BALANCE SHEET BLOG – HOLLYWOOD, FL


Eminent Domain in Hollywood
June 6, 2005, 1:21 PM
Filed under: City Commission, Development, Downtown

June 6, 2005

As the mainstream media have reported, the City Commission voted 5-2 to begin eminent domain proceedings against the owner of the Art Deco Mach building in downtown Hollywood, despite a public outcry in the Commission chambers against this use of city power.

The Mayor and four commissioners (Anderson, Russo, Bober, and Wasserstrom) supported the move. Commissioners Furr and Oliveri sided with the public.

Joan Mickelson, a historian, is a Hollywood native and daughter of Tony Mickelson, head of survey crews for J. W. Young when the City of Hollywood was laid out. She wrote a letter to the Herald after reading the story in this morning’s paper about this proceeding in which Commissioner Anderson was quoted as saying that 50% of the Great Southern Hotel would be saved and that such a public purpose justified seizure of the neighboring Mach building. Her letter follows:

“Thank you for the detailed reporting on the Hollywood City Commission’s actions regarding its historic buildings. Apparently the present city commission is bound and determined to demolish every last building that was built before they took office, in order to recreate the city in their own likeness.”

“The Mach building is listed in the Florida Master Site File of historic buildings compiled by the state in 1984. It was built c. 1930 and to anyone with an eye for good architecture, it is clearly a fine example of Art Deco/Art Moderne. No doubt it was designed by an architect.  The developer apparently offered to retain this elegant building, but the forces of destruction demand that it be removed.”

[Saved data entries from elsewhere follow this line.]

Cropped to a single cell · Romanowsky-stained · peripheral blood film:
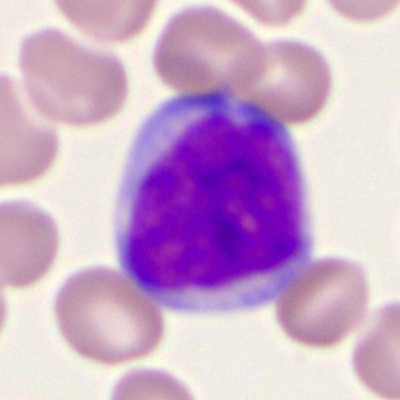Cell type — myeloblast.
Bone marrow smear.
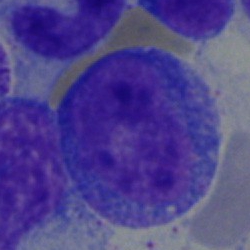

Classification = progranulocyte.
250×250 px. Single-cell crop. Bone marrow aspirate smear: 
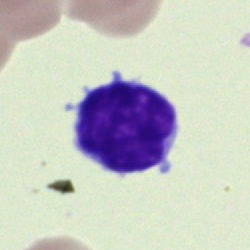
Q: Identify the cell.
A: A typical lymphocyte.
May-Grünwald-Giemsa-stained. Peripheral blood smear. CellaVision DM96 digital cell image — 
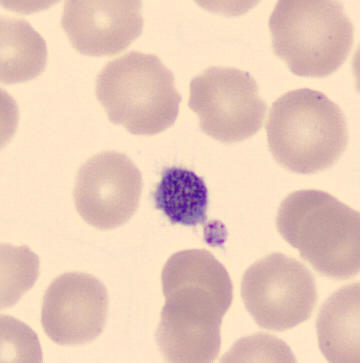 Specimen: peripheral blood smear.
Morphological class: platelet.
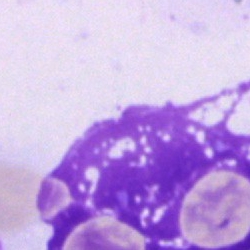The classification is artefact.
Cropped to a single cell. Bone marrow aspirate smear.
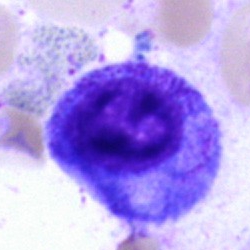

Specimen: bone marrow smear.
Cell type: progranulocyte.
Lineage: myeloid.
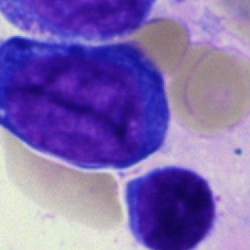 A pronormoblast on a bone marrow smear.
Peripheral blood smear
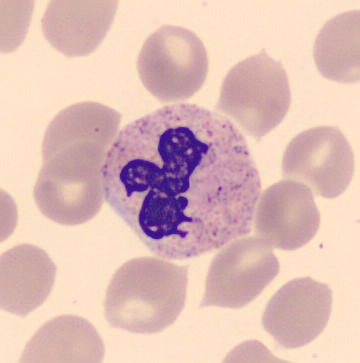
Showing a polymorphonuclear neutrophil.
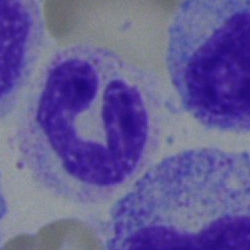 Morphology — band-form neutrophil.
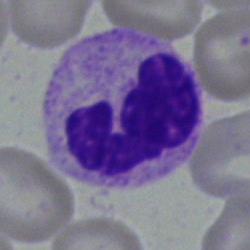
Impression → polymorphonuclear neutrophil.
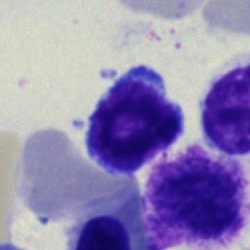 The morphological class is lymphocyte.
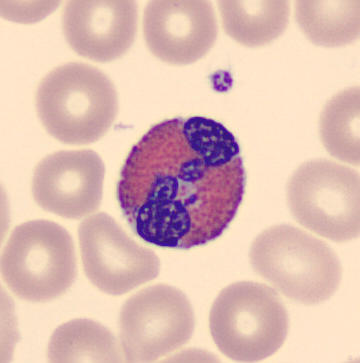 Specimen: peripheral blood film.
Cell type: eosinophilic granulocyte.
Lineage: myeloid.
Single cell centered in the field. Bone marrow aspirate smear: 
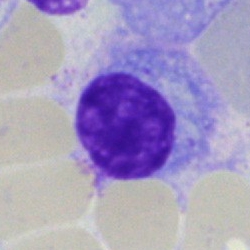
Cell type: plasma cell.
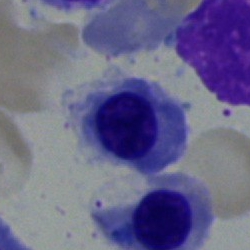{"cell_type": "normoblast", "lineage": "erythroid"}
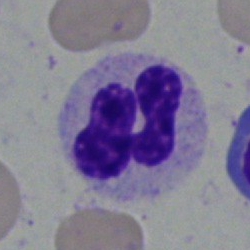

Cell: polymorphonuclear neutrophil.
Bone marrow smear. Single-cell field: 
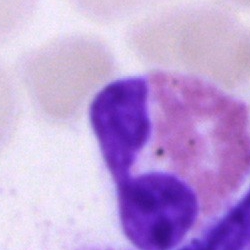

This is an eosinophilic granulocyte.
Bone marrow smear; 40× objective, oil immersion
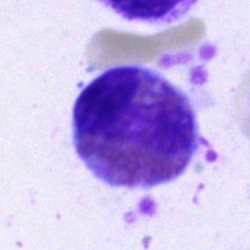This is an eosinophilic granulocyte.
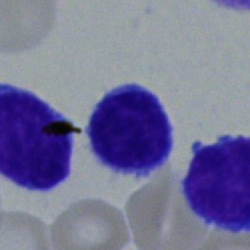

Specimen: bone marrow aspirate smear.
Classification: lymphocyte.
Lineage: lymphoid.
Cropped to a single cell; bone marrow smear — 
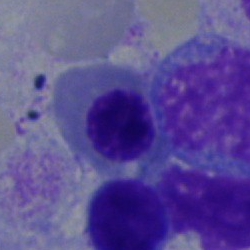
Q: What type of cell is this?
A: A normoblast.
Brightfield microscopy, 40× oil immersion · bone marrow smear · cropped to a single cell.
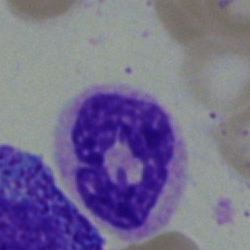 Cell — band-form neutrophil.

“While I fail to see any connection between tearing down one building because another has been “saved,” I challenge the quote you give from
Cathy Anderson. If she was quoted correctly, she is wrong–two exterior walls do not constitute ’50 percent of the Great Southern Hotel.'”

“Poor Hollywood. It used to be so attractive, so distinctive. It is rapidly becoming just another line of big bland half-empty towers. Nowhere Special, USA.”

Sincerely,

Joan Mickelson
Plantation (formerly Hollywood)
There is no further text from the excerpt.